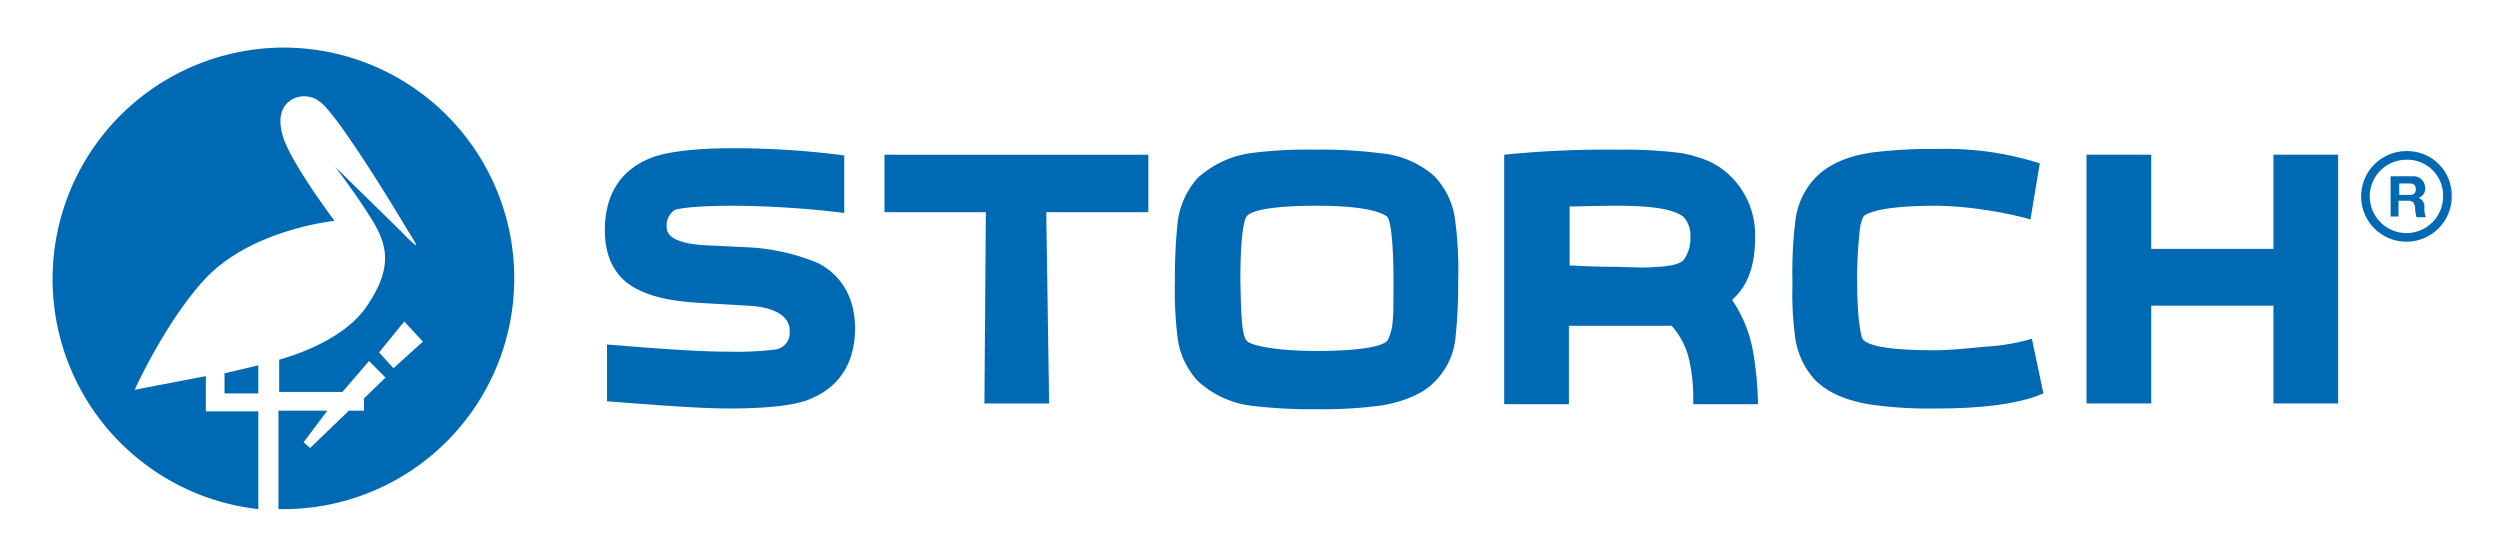 <?xml version="1.0" encoding="UTF-8" standalone="no"?>
<svg
   xmlns:dc="http://purl.org/dc/elements/1.1/"
   xmlns:cc="http://creativecommons.org/ns#"
   xmlns:rdf="http://www.w3.org/1999/02/22-rdf-syntax-ns#"
   xmlns:svg="http://www.w3.org/2000/svg"
   xmlns="http://www.w3.org/2000/svg"
   xmlns:sodipodi="http://sodipodi.sourceforge.net/DTD/sodipodi-0.dtd"
   xmlns:inkscape="http://www.inkscape.org/namespaces/inkscape"
   id="Ebene_1"
   data-name="Ebene 1"
   viewBox="0 0 347.748 77.438"
   version="1.1"
   sodipodi:docname="Bedrijfslogo Storch.svg"
   width="347.748"
   height="77.438"
   inkscape:version="0.92.4 (5da689c313, 2019-01-14)">
  <sodipodi:namedview
     pagecolor="#ffffff"
     bordercolor="#666666"
     borderopacity="1"
     objecttolerance="10"
     gridtolerance="10"
     guidetolerance="10"
     inkscape:pageopacity="0"
     inkscape:pageshadow="2"
     inkscape:window-width="1920"
     inkscape:window-height="1057"
     id="namedview68"
     showgrid="false"
     fit-margin-top="0"
     fit-margin-left="0"
     fit-margin-right="0"
     fit-margin-bottom="0"
     inkscape:zoom="1.4701382"
     inkscape:cx="103.26185"
     inkscape:cy="35.652003"
     inkscape:window-x="-8"
     inkscape:window-y="-8"
     inkscape:window-maximized="1"
     inkscape:current-layer="Ebene_1" />
  <defs
     id="defs4">
    <style
       id="style2">.cls-1{fill:#0069b4;}.cls-2{fill:none;stroke:#0069b4;stroke-width:1.2px;}</style>
  </defs>
  <title
     id="title6">Storch_Logo_NL_Claim</title>
  <g
     id="g918"
     transform="translate(5.772,5.542)">
    <rect
       y="-5.542"
       x="-5.772"
       height="77.438"
       width="347.748"
       id="rect892"
       style="opacity:1;vector-effect:none;fill:#ffffff;fill-opacity:1;fill-rule:evenodd;stroke:none;stroke-width:1.89;stroke-linecap:round;stroke-linejoin:miter;stroke-miterlimit:4;stroke-dasharray:none;stroke-dashoffset:0;stroke-opacity:1;paint-order:fill markers stroke" />
    <path
       id="path48"
       d="m 108.061,31.077 c 3.1,1.6 5.1,4.7 5.1,9 0,4.8 -2.1,8.4 -6.8,10.1 -2,0.7 -5.7,1.1 -10.6,1.1 -4,0 -9.3,-0.4 -17.1,-1 v -7.9 c 7.4,0.6 12.7,1 17.1,1 a 43.46,43.46 0 0 0 6.3,-0.3 2.33,2.33 0 0 0 2,-2.6 v -0.1 c 0,-2.2 -2.7,-3.3 -5.9,-3.4 l -5.1,-0.3 c -3.9,-0.2 -7.4,-0.5 -10.4,-2.1 -3,-1.6 -4.3,-4.5 -4.3,-8.1 0,-5.4 2.6,-8.7 6.8,-10.2 2,-0.7 5.8,-1.2 10.8,-1.2 a 118.81,118.81 0 0 1 15.7,1 v 8 a 133.5,133.5 0 0 0 -15.7,-1 c -4.2,0 -7.2,0.3 -7.9,0.6 a 2.59,2.59 0 0 0 -1.1,2.3 v 0.1 c 0,1.2 1.3,2.3 5.5,2.5 l 6.2,0.3 a 28.88,28.88 0 0 1 9.4,2.2 z"
       class="cls-1"
       inkscape:connector-curvature="0"
       style="fill:#0069b4" />
    <path
       id="path50"
       d="m 117.26,15.977 h 36.7 v 8 h -14.2 l 0.4,26.6 h -9 l 0.2,-26.6 h -14.1 z"
       class="cls-1"
       inkscape:connector-curvature="0"
       style="fill:#0069b4" />
    <path
       id="path52"
       d="m 193.761,18.977 a 10.82,10.82 0 0 1 2.9,6.3 52.28,52.28 0 0 1 0.4,8.2 71.73,71.73 0 0 1 -0.4,8.2 10,10 0 0 1 -2.9,5.9 c -1.5,1.6 -4.3,2.8 -7.5,3.3 a 62.63,62.63 0 0 1 -8.9,0.5 67.62,67.62 0 0 1 -9.2,-0.5 13.48,13.48 0 0 1 -7.3,-3.4 10.93,10.93 0 0 1 -2.8,-5.8 53.11,53.11 0 0 1 -0.4,-8.2 71,71 0 0 1 0.4,-8.3 11.23,11.23 0 0 1 2.8,-6 13.87,13.87 0 0 1 7.2,-3.4 60.56,60.56 0 0 1 9.2,-0.5 63.23,63.23 0 0 1 9,0.5 13,13 0 0 1 7.5,3.2 z m -26.1,22.9 c 0.5,0.6 3.9,1.4 9.7,1.4 5.8,0 9.3,-0.6 9.9,-1.5 a 7.15,7.15 0 0 0 0.7,-2.8 c 0.1,-0.9 0.1,-2.8 0.1,-5.5 0,-5.3 -0.4,-8.5 -0.9,-8.9 -1.1,-0.8 -3.9,-1.5 -9.8,-1.5 -5.9,0 -9.3,0.6 -9.8,1.6 -0.4,0.7 -0.8,3.4 -0.8,8.7 0.1,5.1 0.2,7.7 0.9,8.5 z"
       class="cls-1"
       inkscape:connector-curvature="0"
       style="fill:#0069b4" />
    <path
       id="path54"
       d="m 238.06,43.277 a 46.51,46.51 0 0 1 0.7,7.4 h -9 v -1.2 a 24.27,24.27 0 0 0 -0.6,-5.1 10.74,10.74 0 0 0 -2.4,-4.6 h -14.3 v 10.9 h -9 v -34.7 a 141.11,141.11 0 0 1 15.7,-0.7 h 0.4 a 60.42,60.42 0 0 1 8.7,0.5 c 3.4,0.7 5.2,1.7 6.8,3.3 a 11.45,11.45 0 0 1 3.3,8.4 c 0,3.5 -0.8,6.4 -2.9,8.4 l -0.3,0.3 a 18.41,18.41 0 0 1 2.9,7.1 z m -15.3,-11.6 c 2.7,-0.1 4.9,-0.2 5.7,-1.1 a 5.21,5.21 0 0 0 0.9,-3.2 3.84,3.84 0 0 0 -0.9,-2.7 c -1.2,-1 -3.8,-1.6 -9.3,-1.6 -2.8,0 -5.3,0.1 -6.6,0.1 v 8.2 c 1.9,0.1 4.3,0.2 6.4,0.2 z"
       class="cls-1"
       inkscape:connector-curvature="0"
       style="fill:#0069b4" />
    <path
       id="path56"
       d="m 276.861,41.577 1.6,7.6 c -3.4,1.5 -8.7,2.1 -14.8,2.1 a 57.57,57.57 0 0 1 -9.6,-0.6 c -3.7,-0.7 -5.7,-1.8 -7.3,-3.3 a 10.93,10.93 0 0 1 -2.8,-5.8 45.83,45.83 0 0 1 -0.4,-7.7 60,60 0 0 1 0.4,-8.7 10.48,10.48 0 0 1 2.7,-5.9 c 1.4,-1.5 3.8,-3 7.9,-3.6 a 67.62,67.62 0 0 1 9.2,-0.5 43.25,43.25 0 0 1 14.2,2 l -1.3,7.8 a 48.83,48.83 0 0 0 -6.2,-1.3 49.49,49.49 0 0 0 -6.7,-0.6 c -6.2,0 -8.9,0.6 -10.1,1.3 -0.4,0.2 -0.7,1.3 -0.8,2.7 a 58.15,58.15 0 0 0 -0.3,6.7 c 0,4.9 0.5,7.5 0.8,7.9 1,1.1 4.7,1.5 10.1,1.5 1.7,0 3.9,-0.2 6.9,-0.5 a 28.07,28.07 0 0 0 6.5,-1.1 z"
       class="cls-1"
       inkscape:connector-curvature="0"
       style="fill:#0069b4" />
    <path
       id="path58"
       d="m 310.461,15.977 h 9 v 34.6 h -9 v -13.6 h -17 v 13.6 h -9 v -34.6 h 9 v 13.1 h 17 z"
       class="cls-1"
       inkscape:connector-curvature="0"
       style="fill:#0069b4" />
    <path
       id="path60"
       d="m 326.76,18.977 h 3.1 a 1.61,1.61 0 0 1 1.7,1.6 1.33,1.33 0 0 1 -0.9,1.4 v 0 a 1.29,1.29 0 0 1 0.8,1.3 3.4,3.4 0 0 0 0.2,1.4 h -1.3 a 5.9,5.9 0 0 1 -0.2,-1.4 c -0.1,-0.6 -0.3,-0.9 -1,-0.9 h -1.3 v 2.2 h -1.1 z m 1.2,2.6 h 1.4 c 0.6,0 0.9,-0.2 0.9,-0.8 0,-0.6 -0.3,-0.8 -0.9,-0.8 h -1.4 z"
       class="cls-1"
       inkscape:connector-curvature="0"
       style="fill:#0069b4" />
    <path
       id="path62"
       d="m 334.661,21.777 a 5.7,5.7 0 1 1 -5.7,-5.7 5.57,5.57 0 0 1 5.7,5.7 z"
       class="cls-2"
       inkscape:connector-curvature="0"
       style="fill:none;stroke:#0069b4;stroke-width:1.2px" />
    <polygon
       transform="translate(1.46,1.077)"
       points="28.7,48.1 28.7,44.2 24,45.3 24,48.1 "
       class="cls-1"
       id="Aussparung"
       style="fill:#0069b4" />
    <path
       id="path65"
       d="m 33.66,1.077 a 32.2,32.2 0 0 0 -3.5,64.2 v -13.6 h -7.3 v -4.9 l -9.9,1.9 c 0,0 4.1,-9.1 9.5,-15.1 6.4,-7.2 18.3,-8.4 18.3,-8.4 0,0 -5.8,-7.7 -7.1,-11.5 -1.6,-4.8 1.7,-6.3 3.8,-5.7 a 2.68,2.68 0 0 1 1.2,0.6 3.17,3.17 0 0 1 0.6,0.5 c 2.3,2.3 7.7,10.8 10.7,15.8 1.3,2.2 2.3,3.6 2.1,3.7 a 16.18,16.18 0 0 1 -1.9,-1.8 l -9.3,-9.1 c 0,0 3,3.9 5.2,7.5 2.2,3.6 2.7,6.8 -0.9,12 -3.6,5.2 -12.1,7.3 -12.1,7.3 v 4.5 h 8.8 l 3.7,-4.3 2.3,2.3 -3,2.9 v 1.7 h -2.1 l -5.4,5.2 -0.9,-0.8 3.3,-4.4 h -6.8 v 13.7 h 0.7 a 32.1,32.1 0 1 0 0,-64.2 z m 15.3,44.6 -2,-2.2 3.5,-4.3 2.6,2.8 z"
       class="cls-1"
       inkscape:connector-curvature="0"
       style="fill:#0069b4" />
  </g>
</svg>

_Exercise goal_. Go through the records line by line and give the number of lines with the string "none" in them, stating nothing else.

_Answer box_. 3